Unified Customer Data and a Support Copilot for a Telecom Operator
How Mars Innovation Technology unified a telecom operator scattered customer and service data and deployed a grounded support copilot that agents truly trust.
Representative engagement: a telecom operator with scattered customer, network, and service data
Telecommunications
[Data Platform Launchpad](https://marsinnotech.com/products) | [Enterprise Copilot Launchpad](https://marsinnotech.com/products)
Cloud and data: AWS or Azure | governed data platform (Databricks or Snowflake) | dbt | managed ingestion connectors | data catalog with lineage | semantic layer | role-based and row-level access control AI: retrieval-augmented generation (RAG) | vector database | grounded LLM with source citations | permission-aware retrieval Engineering: Python | SQL | Terraform | GitHub Actions CI/CD Security: IAM with MFA | HashiCorp Vault | encryption at rest and in transit
Data Platform Launchpad
Enterprise Copilot Launchpad10 min
Artificial Intelligence
Date01 Jun 2026
Representative engagement. This case study describes a representative Mars Innovation engagement for a telecom operator. The technical approach, stack, and methodology are exactly how we deliver this work. The client is anonymized and the outcome figures are target outcomes typical of this engagement type, not measured results from a single named client. We replace these with named clients and verified metrics as authorized engagements are published.
The operator held a great deal of valuable data about its customers, its network, and its services, and almost none of it was usable as a whole. It lived in many separate systems, so answering a question that spanned them, the kind of question a support agent faces on every call, meant digging through several tools and stitching the picture together by hand.
The company had tried to build an internal assistant before, hoping to speed up support, and it had failed. The tool gave confident wrong answers because it could not reach accurate, current information, agents stopped trusting it, and it quietly fell out of use. The leadership correctly suspected the problem was not the AI itself but what sat underneath it.
The purpose of the engagement was to unify the scattered customer and service data into one governed layer with proper permissions, and then deploy a support copilot grounded in that data, one that answered accurately, cited its sources, and respected who was allowed to see what. The aim was a copilot that frontline agents would actually trust and use, not another abandoned tool.

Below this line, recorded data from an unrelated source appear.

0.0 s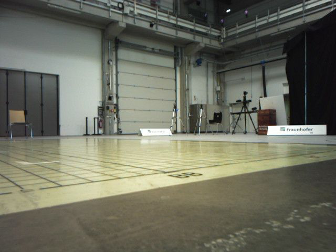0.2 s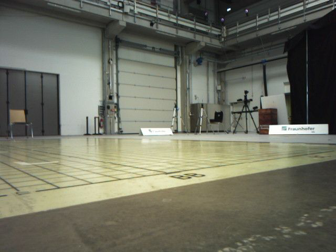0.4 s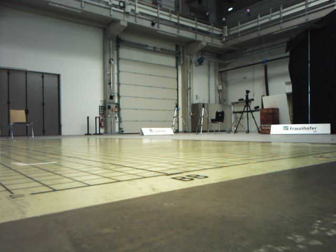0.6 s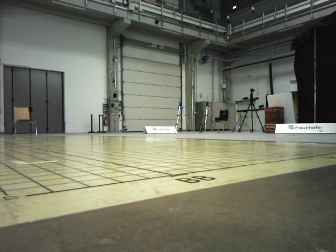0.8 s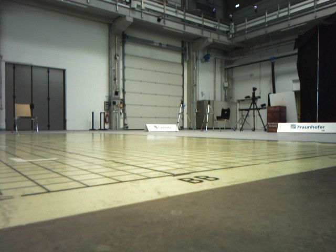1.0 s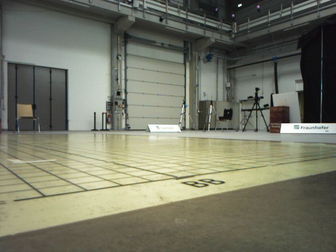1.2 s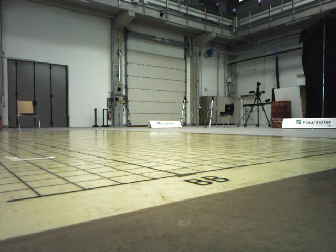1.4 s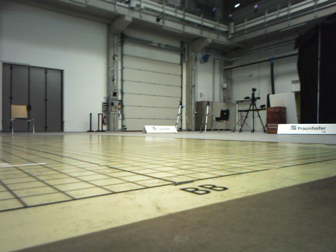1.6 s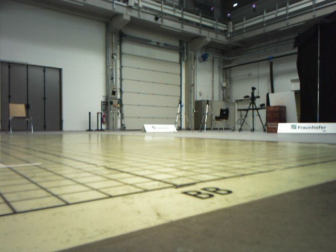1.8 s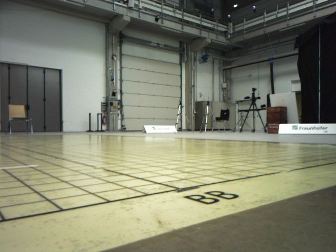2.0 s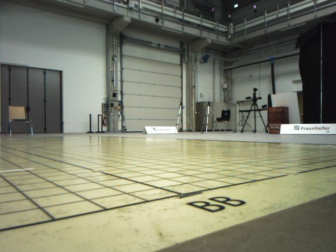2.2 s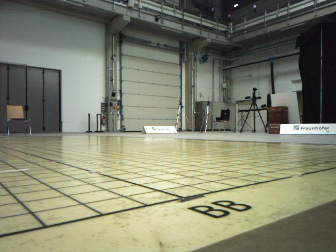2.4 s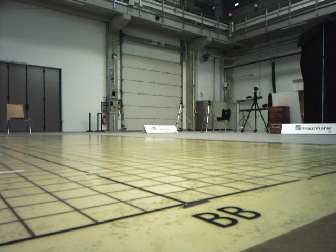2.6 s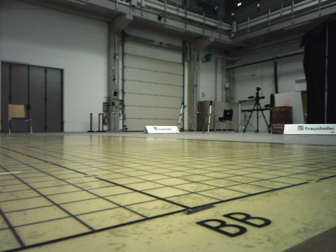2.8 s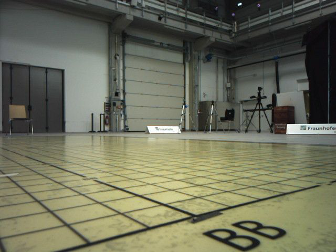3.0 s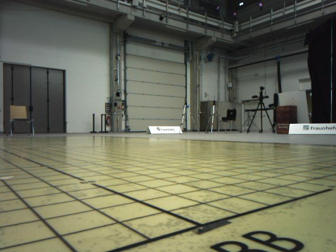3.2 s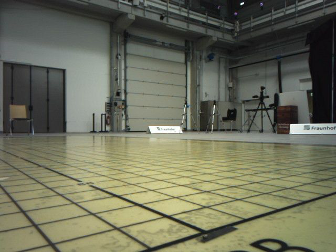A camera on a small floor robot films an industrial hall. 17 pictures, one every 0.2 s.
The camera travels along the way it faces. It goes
forward.
0.0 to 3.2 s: The camera travels forward, about 0.7 m, so what stands in front looms larger.
The film runs forward here.
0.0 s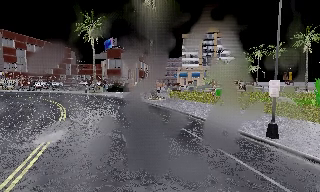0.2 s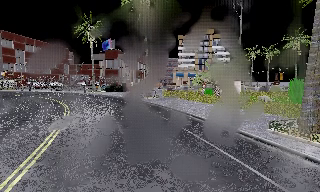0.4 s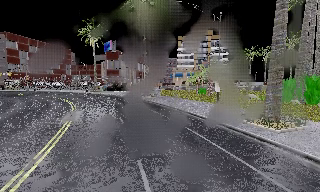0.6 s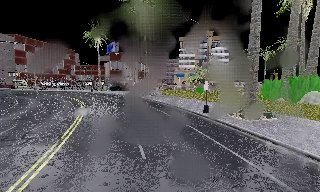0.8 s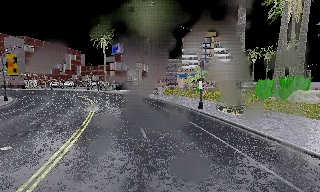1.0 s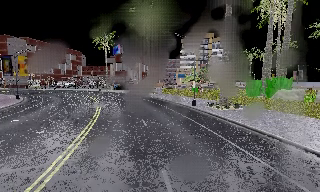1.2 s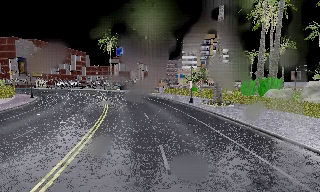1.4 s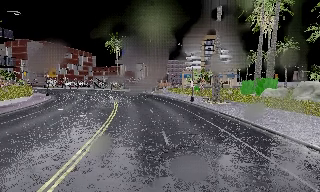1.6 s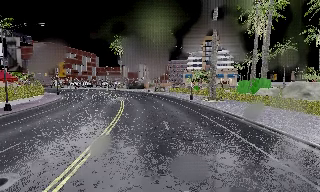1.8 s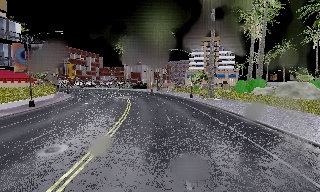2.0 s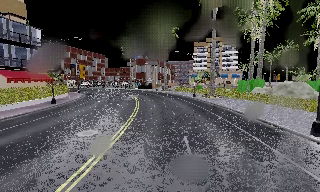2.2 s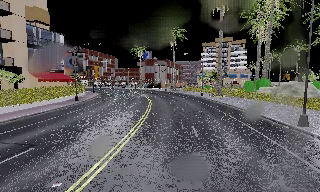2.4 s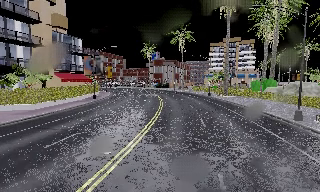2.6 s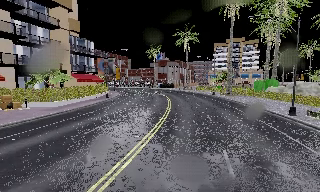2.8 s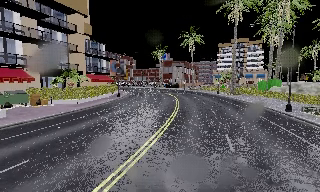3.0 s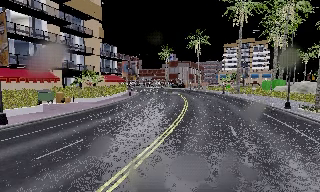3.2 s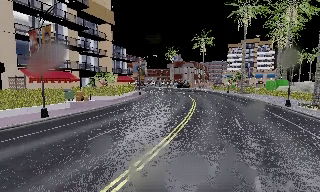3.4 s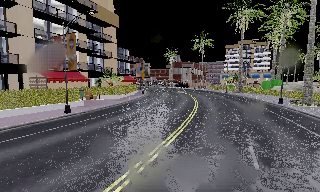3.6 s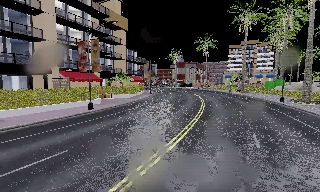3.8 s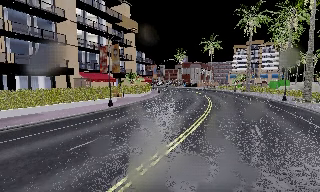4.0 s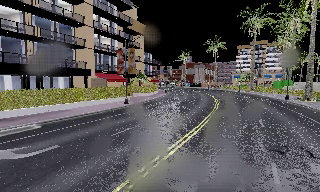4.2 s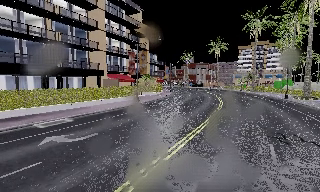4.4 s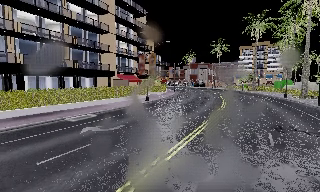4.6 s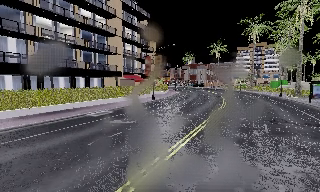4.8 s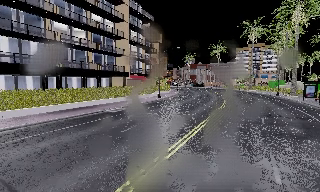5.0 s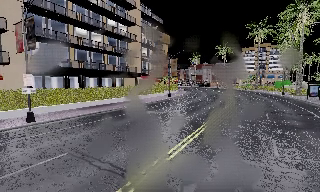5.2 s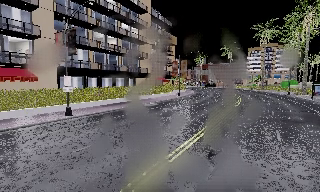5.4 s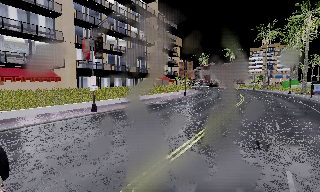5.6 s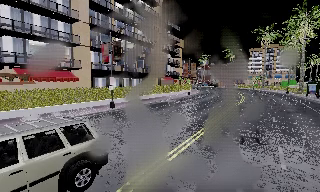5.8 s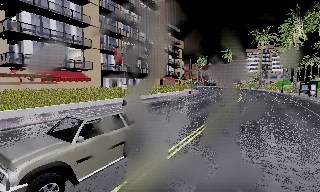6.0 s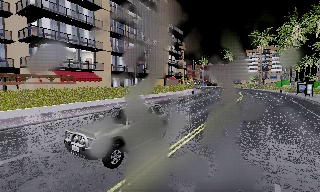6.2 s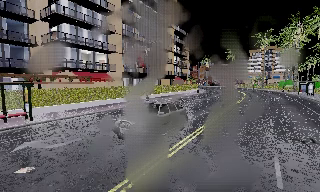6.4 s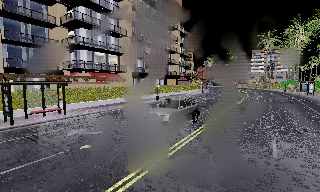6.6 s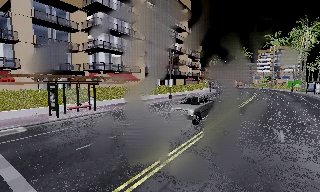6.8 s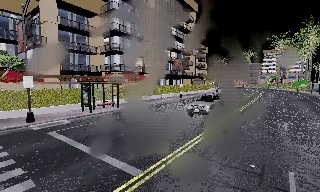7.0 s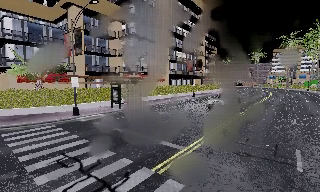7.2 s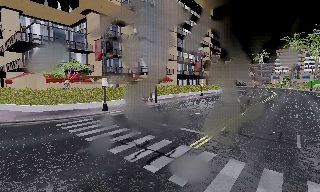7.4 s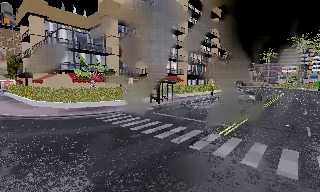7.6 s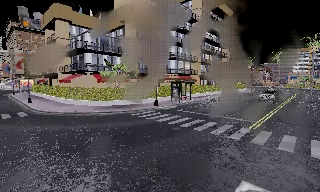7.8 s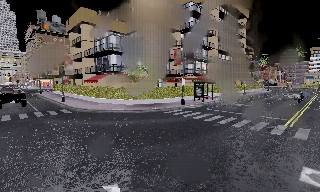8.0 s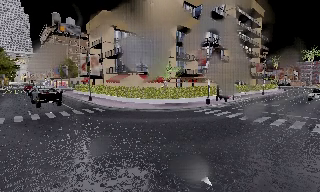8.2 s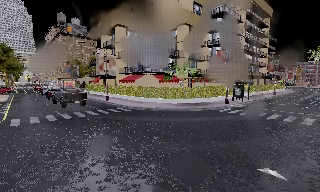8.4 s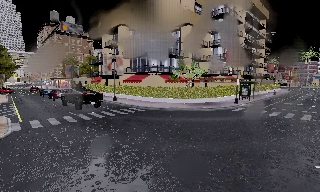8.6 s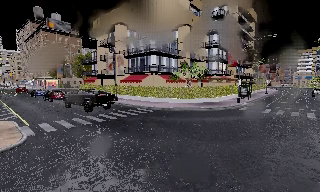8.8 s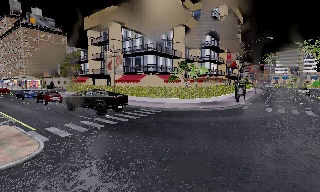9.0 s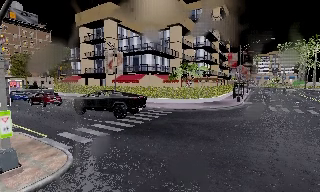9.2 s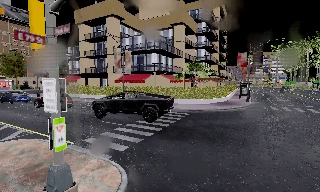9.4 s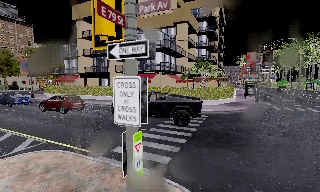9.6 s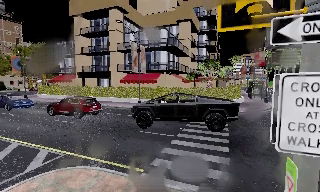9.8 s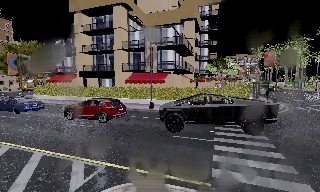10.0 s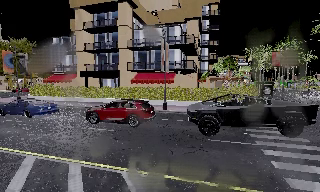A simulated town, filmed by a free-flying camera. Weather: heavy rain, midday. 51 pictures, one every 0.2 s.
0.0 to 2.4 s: The camera pans to its left, which is counterclockwise from overhead, by about 10 degrees. It travels backward, about 25 m, so what stands in front gets smaller.
2.4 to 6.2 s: The scene slides to the right, as the camera pans about 10 degrees to its left. It travels backward and to its left, about 40 m, so what stands in front gets smaller.
6.2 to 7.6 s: The camera pans to its left, which is counterclockwise from overhead, by about 10 degrees. It travels backward and to its left, about 16 m, so what stands in front gets smaller.
7.6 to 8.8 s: The camera travels to its left, about 13 m, so close, fixed things drift to the right.
8.8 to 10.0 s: The camera pans to its right, which is clockwise from overhead, by about 20 degrees. It travels to its left, about 14 m, so close, fixed things drift to the right.
The film runs backward here.

The engagement ran in three fixed-price stages over approximately five months.
Two linked problems. Operationally, customer and service data was so fragmented that resolving a single ticket meant an agent hunting across multiple systems, which was slow for them and frustrating for customers. And the earlier attempt at an internal assistant had failed for the classic reason: it was not connected to clean, current, governed data, so it produced confident wrong answers, lost the agents' trust, and was abandoned.
This is the pattern that separates copilots people use every day from the ones that get quietly shelved. The model is rarely the issue. Access to accurate, current, permission-aware data is. The operator needed the foundation fixed before any assistant could succeed.
Our solution architect designed a staged roadmap that built the trustworthy data foundation first, then grounded the copilot in it.
Stage one, unify and govern. We stood up a governed data platform and consolidated customer, network, and service data from the many separate systems, modeling and reconciling it with dbt so it was consistent and trustworthy. Crucially, we built in a proper permission model with role-based and row-level access control, so the data could be used without exposing what individual users were not allowed to see. A semantic layer and data catalog with lineage made the unified view consistent and traceable.
Stage two, ground the copilot. On top of the governed data, we built a support copilot using retrieval-augmented generation: before answering, it retrieves the relevant, current information from the governed data and answers from that, with source citations agents can check. Retrieval was permission-aware, so each agent only got answers drawn from data they were entitled to see. This is what made the answers accurate and trustworthy rather than confident inventions.
Stage three, roll out for trust and adoption. We rolled the copilot out to the support team deliberately, proving accuracy on real questions so agents built trust, rather than a big-bang launch that risked repeating the previous failure. With trust established, usage grew and ticket resolution sped up.
We provisioned a governed data platform on AWS or Azure through Terraform, ingested customer, network, and service data through managed connectors, and used dbt to reconcile it into governed, tested tables. A semantic layer gave consistent definitions, a data catalog provided lineage, and role-based and row-level access controls enforced permissions, with encryption throughout and secrets in HashiCorp Vault.
The copilot was built on retrieval-augmented generation: a vector database indexed the governed knowledge, and the grounded LLM retrieved relevant, current, permission-filtered content before answering, always citing its sources. Because every answer was tied to real, current, governed data and respected the user's permissions, the copilot was accurate and trustworthy, which is exactly what the previous attempt lacked. The whole pipeline was deployed reliably through GitHub Actions CI/CD.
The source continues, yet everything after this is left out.